Top 4 Tips for Avoiding Scams with Your Personal Statement

To help candidates applying for medical residency evaluate companies purporting to offer personal statement services for medical residency and to avoid potential scams, I have compiled the following top 4 tips:

  1. Be wary of personal statement services that go against the ECFMG’s Personal Statement “Do’s” and “Don’ts.” For example, one of the “do’s” is to write your own personal statement. Another is to address potential red flags. A personal statement service that does not understand these “do’s” and “don’ts” is one that does not know the minimum needed for a successful personal statement for medical residency.

  2. Find reputable reviews of the personal statement service. Do this by researching reviews guaranteed to be from actual purchasers of the service. My favorite is TrustPilot.
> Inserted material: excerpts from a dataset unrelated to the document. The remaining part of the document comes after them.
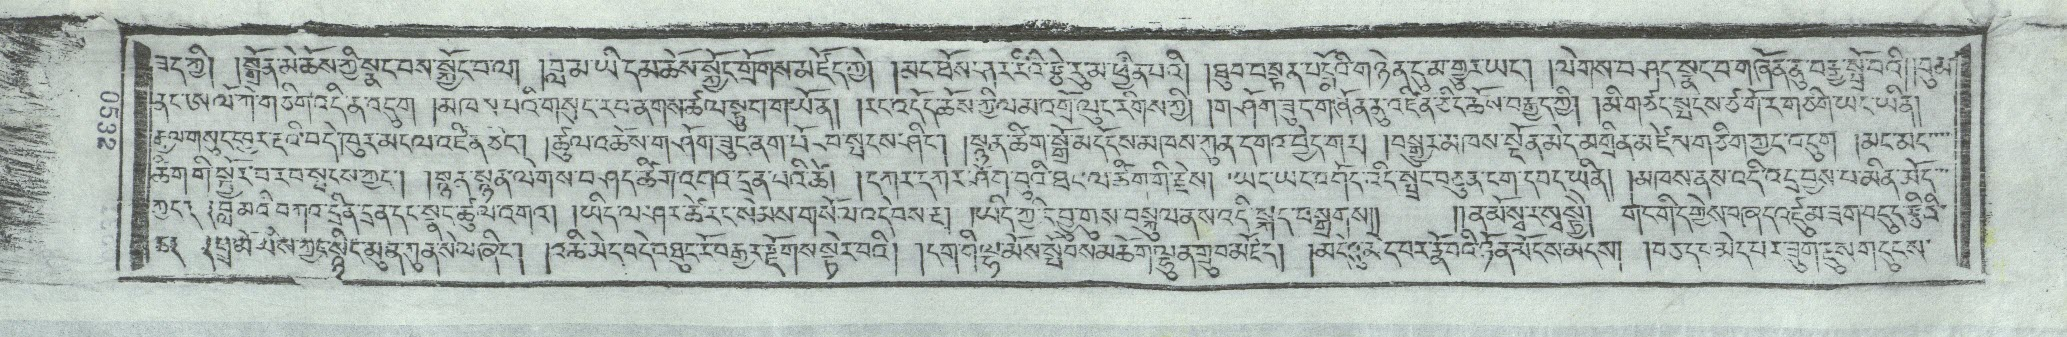མེད་ཀྱི། །སྒྲོན་མེ་ཆོས་ཀྱི་སྣང་བས་སྐྱོང་བལ། །བླ་མ་ཡི་དམ་ཆོས་སྐྱོང་གྲོགས་མཛོད་ཀྱེ། །མང་ཐོས་ཤར་རིའི་རྩེ་རུ་མ་ཕྱིན་པའི། །ཐུབ་བསྟན་པ་འདྲོ་བི་གཉེན་དུ་མ་གར་ཡང་། །ལེགས་བཤད་སྣང་བ་གཞོན་ནུ་བརྒྱ་སྤྲོ་པའི། །བུམ་
ནང་ཨ་ལོ་ཀེ་གཅིག་འདི་ན་འདུག །མཁས་པའི་གསུང་རབ་ནགས་ཚལ་སྟུག་གཡོན། །རང་འདོད་ཆོས་ཀྱི་ལམ་འགྲོ་ལུང་རིགས་ཀྱི། །གཤོག་ཟུང་གཞོན་ནུ་འཛིན་ཅིང་ཆོས་བརྒྱད་ཀྱི། །མི་གཙང་སྤངས་ཙ་གོར་གཅིག་ཡང་ཡིན། །
རྒྱལ་གསུང་དབྱར་རྔའི་བདེ་ཁུར་མང་ལ་འཛིན་ཅིང་། །ཚུལ་འཆོས་གཤོག་ཟུང་ནག་པོ་རབ་བ་སྤངས་ཤིང་། །སྙན་ཚིག་སྒྲོ་མ་དངོས་མཁས་ཀུན་དགའ་བྱེད་གར། །བསྒྱུར་མཁས་སྔོན་མེད་མགྲིན་མཛེས་གཅིག་ཀྱང་འདུག། །མང་མང་
ཚིག་གི་སྦྱོར་བ་རབ་སྤངས་ཀྱང་། །སྙན་སྙན་ལེགས་བཤད་ཚིགས་འགའ་དྲན་པའི་ཚེ། །དཀར་དཀར་ཤོག་བུའི་ཐང་ལ་ཚིག་གི་རྗེས། །ཡང་ཡང་འགོད་འདི་སྤྲང་བཅུན་ངག་དབང་ཡིན། །མཁས་ནས་འདི་འདྲ་བྱས་པ་མིན་མོད་
ཀྱང༑ ༑བློ་མའི་བཀའ་དྲིན་དྲན་དང་སྣང་ཚུལ་འགའ། །ཡིད་ལ་ཤར་ཚེ་རང་སེམས་གསོལ་འདེབས་རྔ། །ཡིད་ཀྱི་དེ་བྱུ་གུས་བསྐུལ་ནས་འདི་སྐད་བསྒྲགས།། །།ན་མོ་སྭ་ར་སྭ་སྟྱཻ། གང་གི་དགྱེས་བཞད་འཛུམ་ཟག་བདུད་རྩིའི་
ཆ༑ ༑ཕྲ་མེ་ཡིས་ཀྱང་སྙིང་མུན་ཀུན་སེལ་ཞིང་། །འཆི་མེད་བདེ་འཐུང་རོ་བརྒྱར་རྫོགས་སྟེར་བའི། །དག་གི་ལྷ་མོས་སྤོ་བསམ་མཆོག་ལྷུན་གྲུབ་མཛོད། །མེ་དེའུ་མེད་པར་རྣོ་བའི་ཉོན་མོངས་མས། །བཅད་དང་མེད་པར་བྲུག་ཛུས་གདུངས་

Any company collecting reviews via TrustPilot must provide TrustPilot a complete list of all clients and purchases, regardless of the outcome. TrustPilot contacts the clients directly and posts reviews only from those with confirmed purchases.

  3. Beyond reviews, see how much you can learn about the company to know if they are legitimate. For example, how long have they been in business? Do they have a phone number and mailing address? Does someone answer the phone when you call them? Do they have samples of their work on their website? Do they have photos of the people who work for them? What are their backgrounds? Do they do this full time or only in their spare time? Can the company’s background be independently verified, for example by the Better Business Bureau?

  4. Pay a respectable amount for the personal statement service you are seeking. Ask yourself: With the amount I am paying for this service, is it possible for the expert providing the service to be compensated appropriately for their work? Remember: The fee an expert is paid for providing a service reflects both their level of expertise and the amount of time they will spend providing the service. Experts asking for lower fees either do not have the needed expertise, will not spend the needed time, or both.